**Work to be completed:**
In your copy of the records, include every word exactly and no pictures.

**The input:**
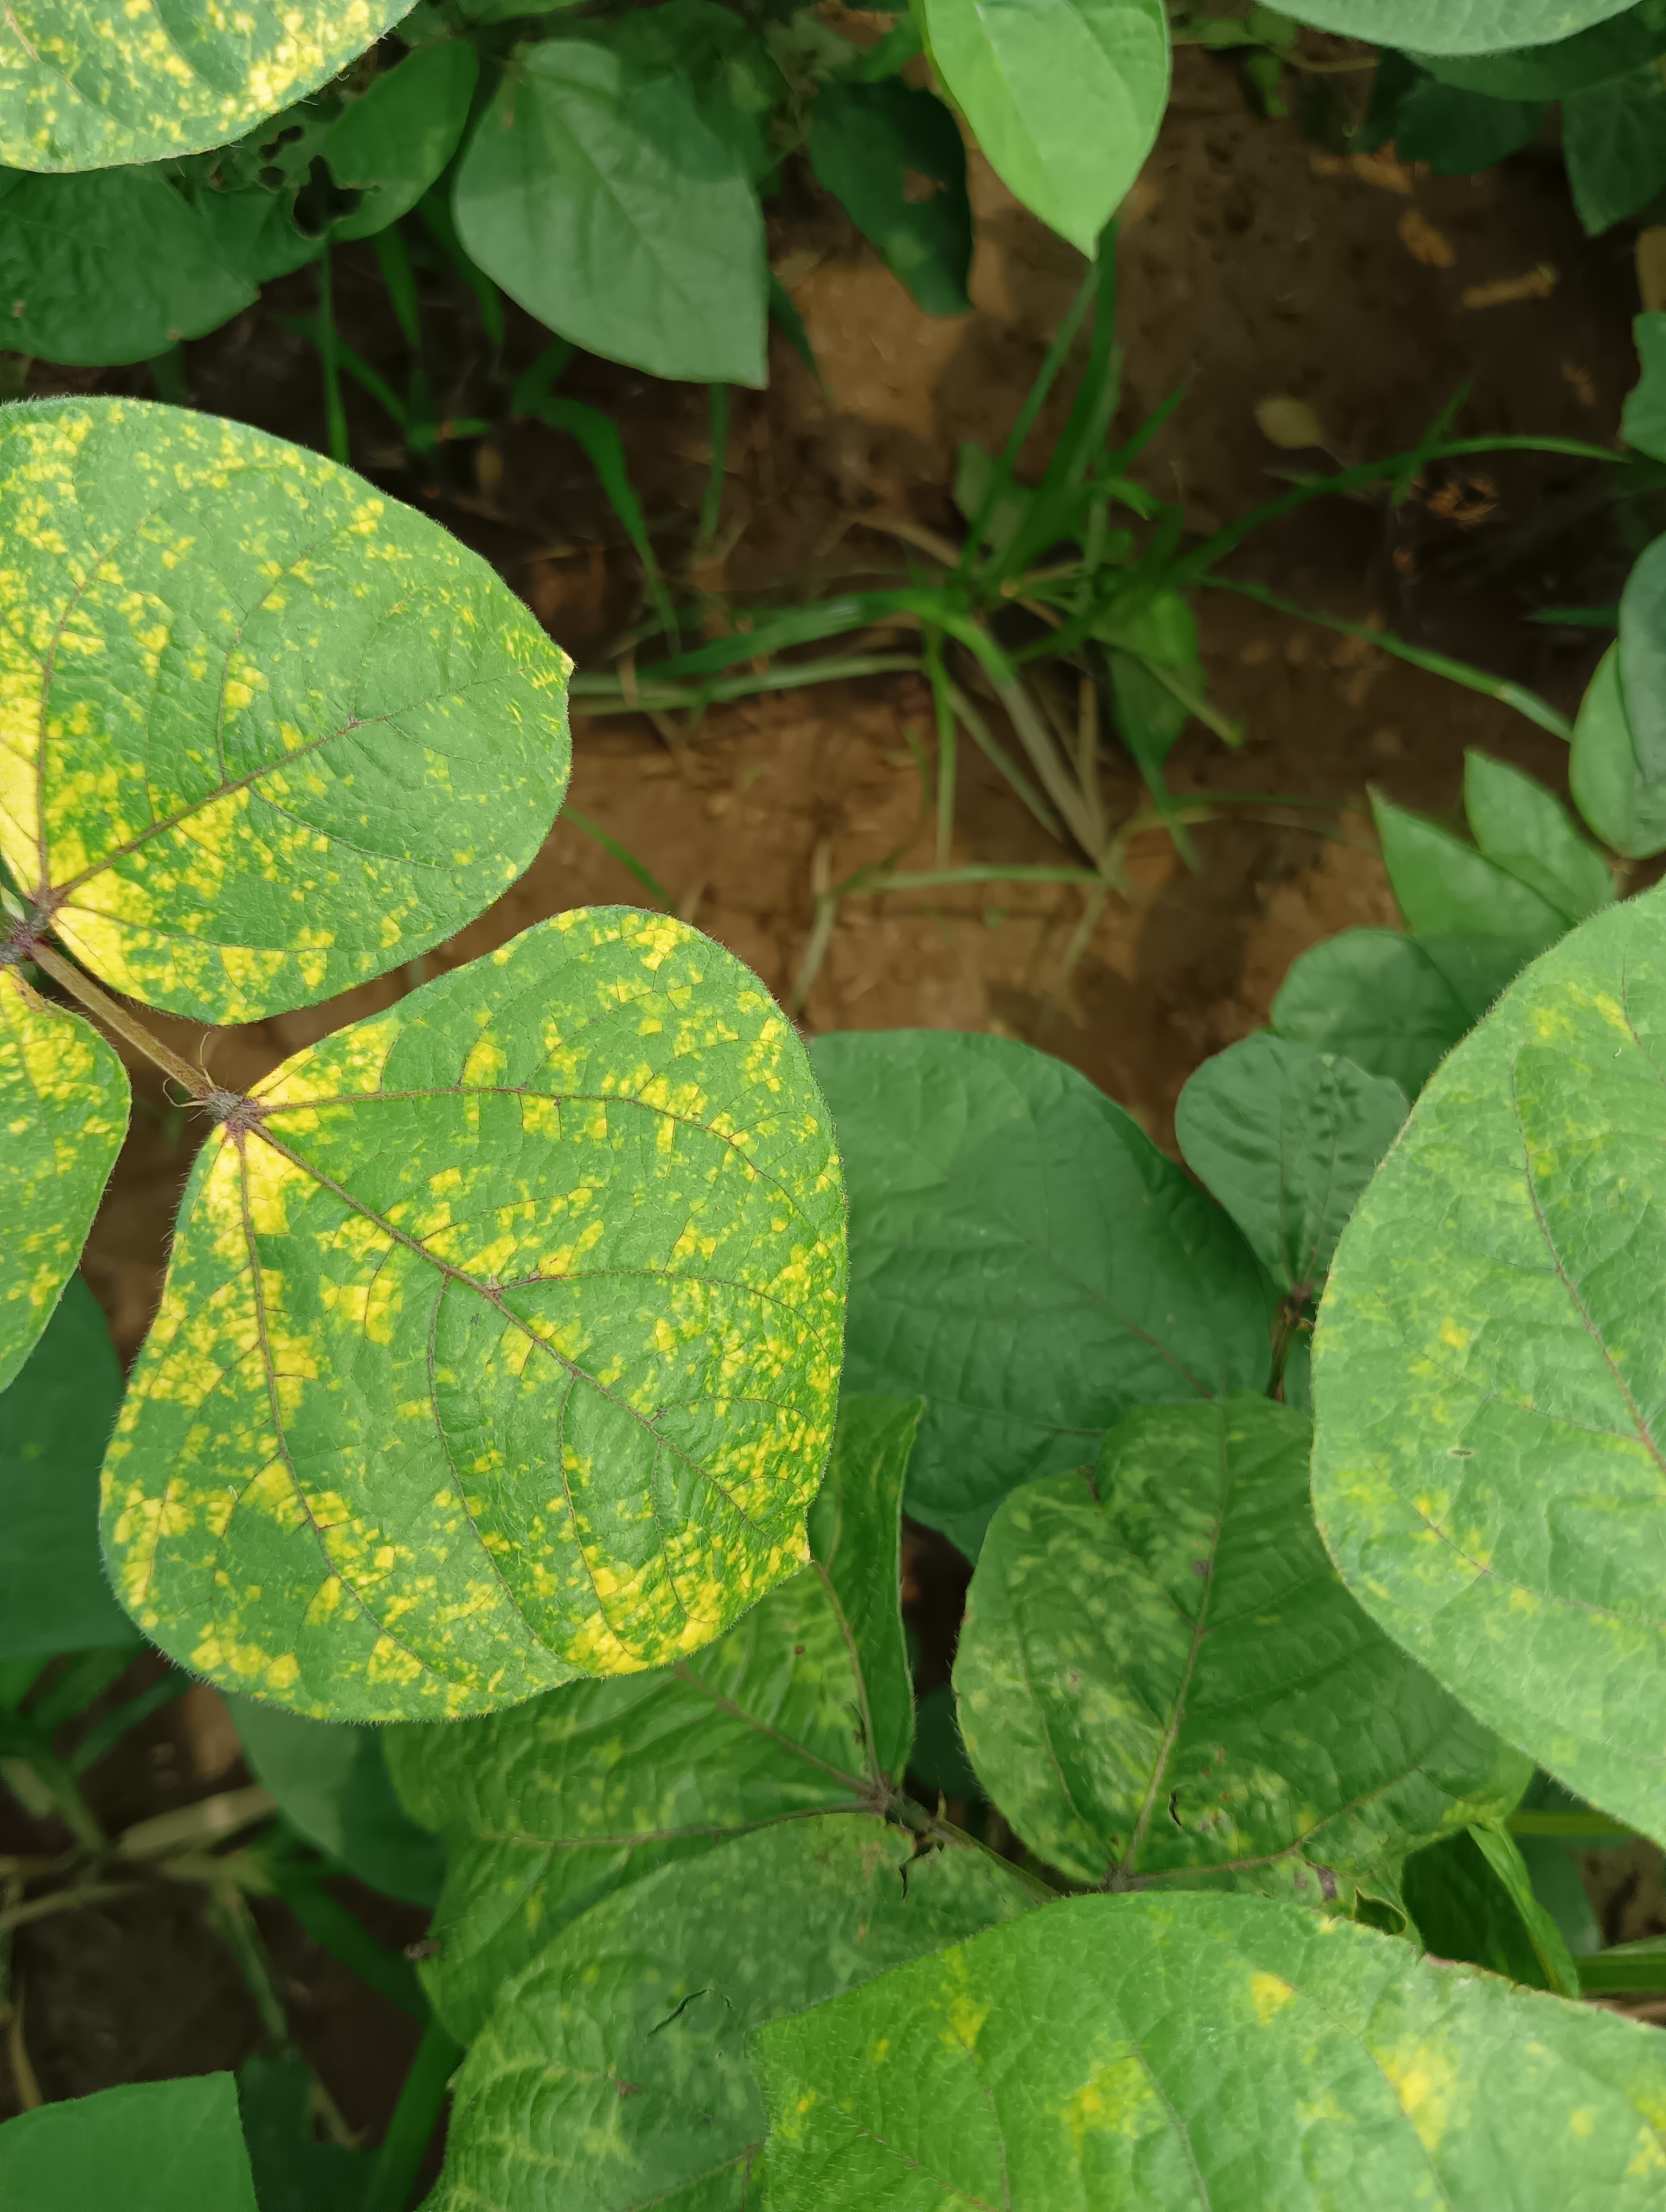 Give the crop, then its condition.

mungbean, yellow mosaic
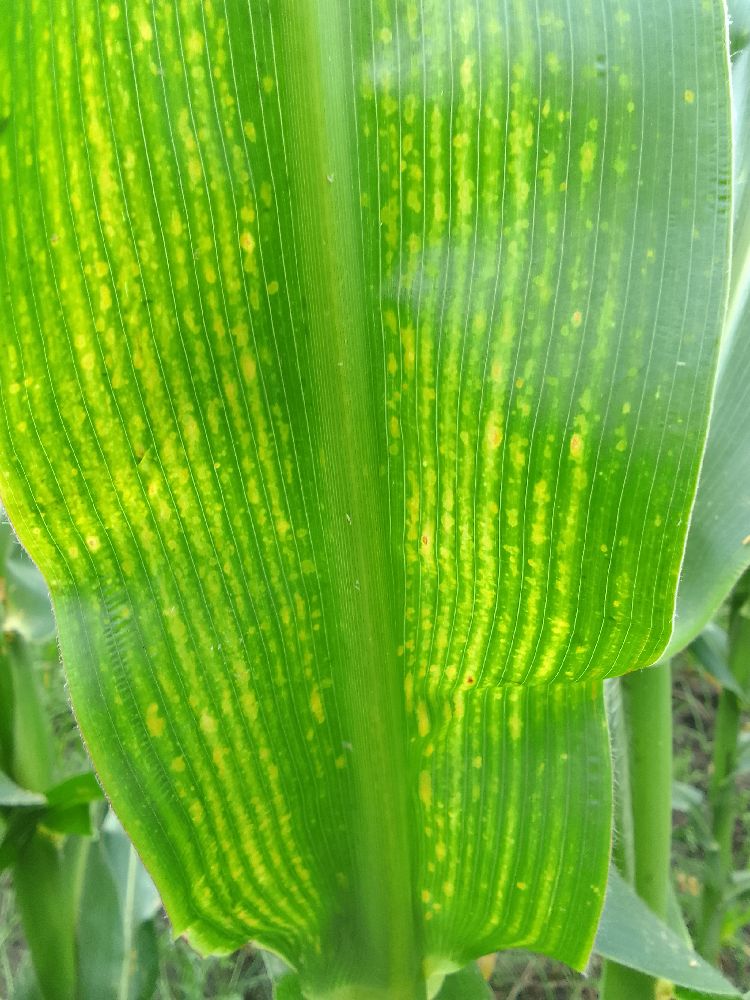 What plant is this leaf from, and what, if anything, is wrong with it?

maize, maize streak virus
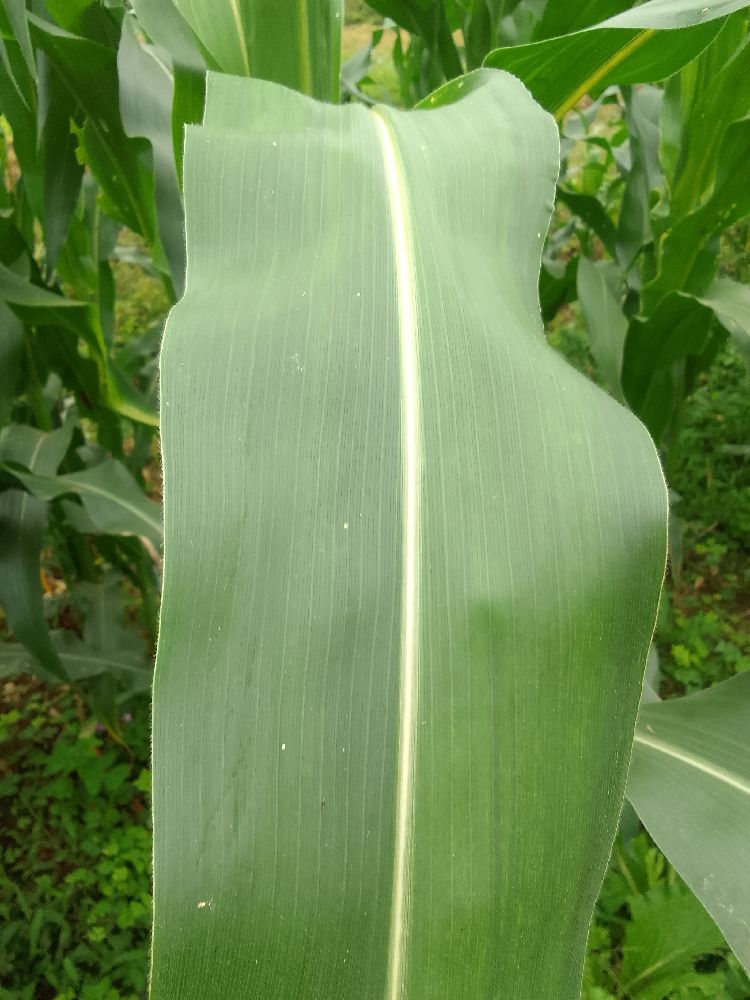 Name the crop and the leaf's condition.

**Task result:**
 Give the crop, then its condition.

mungbean, yellow mosaic
 What plant is this leaf from, and what, if anything, is wrong with it?

maize, maize streak virus
 Name the crop and the leaf's condition.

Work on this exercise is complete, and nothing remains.